His positioning, or lack thereof, seemed to be his major limiter today. He was caught out by crashes while hanging out at the back multiple times.
This caused him to miss Van der Poel’s move in the Arenberg Forest with around 97km-to-go, and he seemed to be losing ground during every major cobbled section.
And when Van der Poel launched his key attack with 70km-to-go on a technical cobbled sector, Van Aert was buried back in the group and couldn’t respond. This is a shockingly elementary mistake for a rider of his caliber to be making and it frankly looked like he hadn’t prepared for the event.
Roubaix rookies like Van der Poel, Colbrelli and Vermeersch rode much more tactically sound races.

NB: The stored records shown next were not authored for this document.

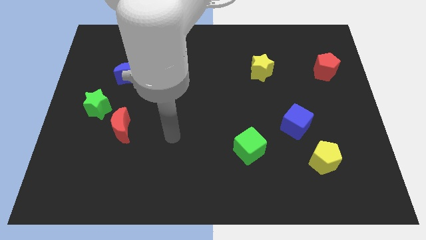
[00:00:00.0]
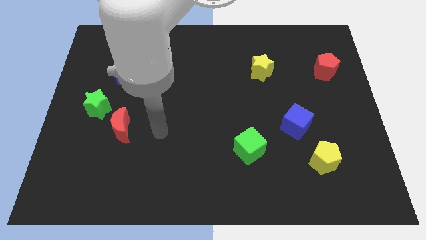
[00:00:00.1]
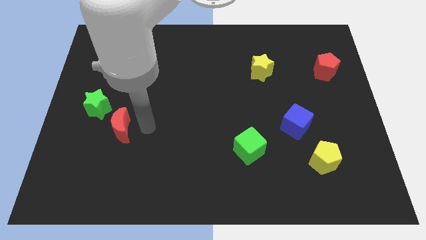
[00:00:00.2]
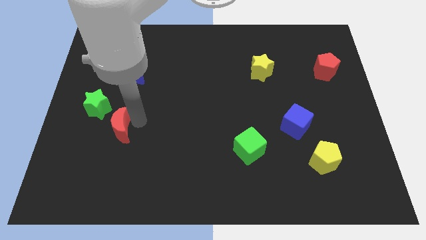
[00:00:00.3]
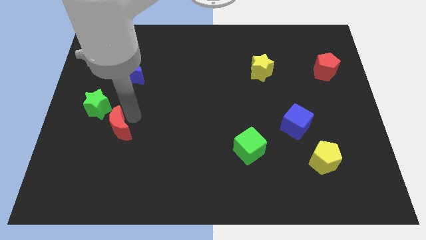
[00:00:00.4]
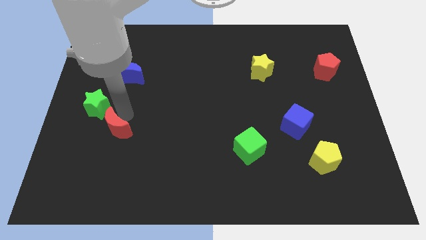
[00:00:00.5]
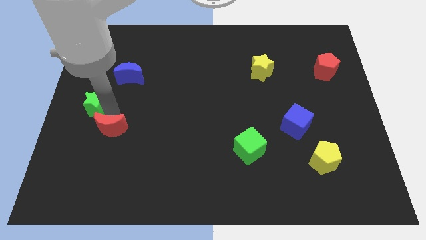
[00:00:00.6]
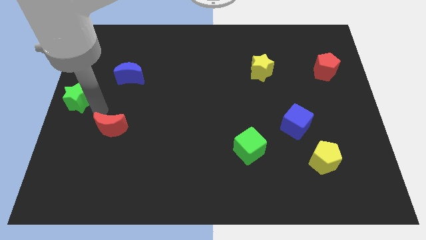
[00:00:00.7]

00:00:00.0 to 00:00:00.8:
move the red moon away from the green star

8) For the first time since 2011, no Quick-Step riders finished on the podium.
The usual bullies of the cobbles missed the first two groups entirely and were forced to race on the back foot all day.
While they suffered back luck at key points, a few of their leaders were ridden off wheels and spat out the back on multiple occasions (i.e. Štybar with 90km, Lampaert with 68km-to-go).
This signals a massive changing-of-the-guard in even the most traditional corners of the sport.
9) In fact, only a single rider, Yves Lampaert, finished in the top ten at both this year’s edition and the last time the race ran in 2009. This shows the shocking tectonic shifts that have occurred in the sport since then.
In another example of the rapid progression of the sport, the last three winners, Philippe Gilbert, Peter Sagan, and Greg Van Avermaet finished 28th, 52nd, and 30th, with Gilbert the closest to Colbrelli at over seven minutes back.
10) The extremely rough cobblestones and impossibly slick conditions highlighted massive differences in the bikes and equipment ridden by key riders.
Teams like Alpecin-Fenix rode their standard aero road bikes, which would have been inconceivable ten years ago.
Moscon’s bike seemed to lack any traction whatsoever on the cobbled sectors. This isn’t a glaring endorsement for Ineos’ bike sponsor, Pinarello, and the mechanical staff in charge of the tire pressure. This disappointment continues a long line of disappointing classics results for the team.
The contrast in average speed and the number of finishers to the last rainy edition of the race (2002) showed just how much better the modern bikes and tires are at navigating these cobblestones. For example, in the last rainy edition, the winner, Johan Museeuw averaged 39kms per hour, while Colbrelli averaged 43kms per hour, and only 41 riders were able to finish the race in 2002, compared to 94 riders today.
Great recap as always! Re: Moscon points I would speculate that seemingly slow bike change on his part was likely him making slow deliberate movements so as not to suddenly cramp. We’ve all experienced that - that’ll kill your race dead. And not getting that bottle just shot that mechanics Christmas bonus.
Also i recall reading at some point earlier this year some teams were going with clincher tires (was it DQS for the spring Classics??) If Ineos was using clinchers that would account for the higher tire pressure and subsequent major league FAIL. Inconceivable bonehead move if that was the case
And Van derPoels white shoes - what in the SamHell was he thinking with that silliness ?? I couldnt imagine how/why he was keeping his shoes so clean.... What a kook!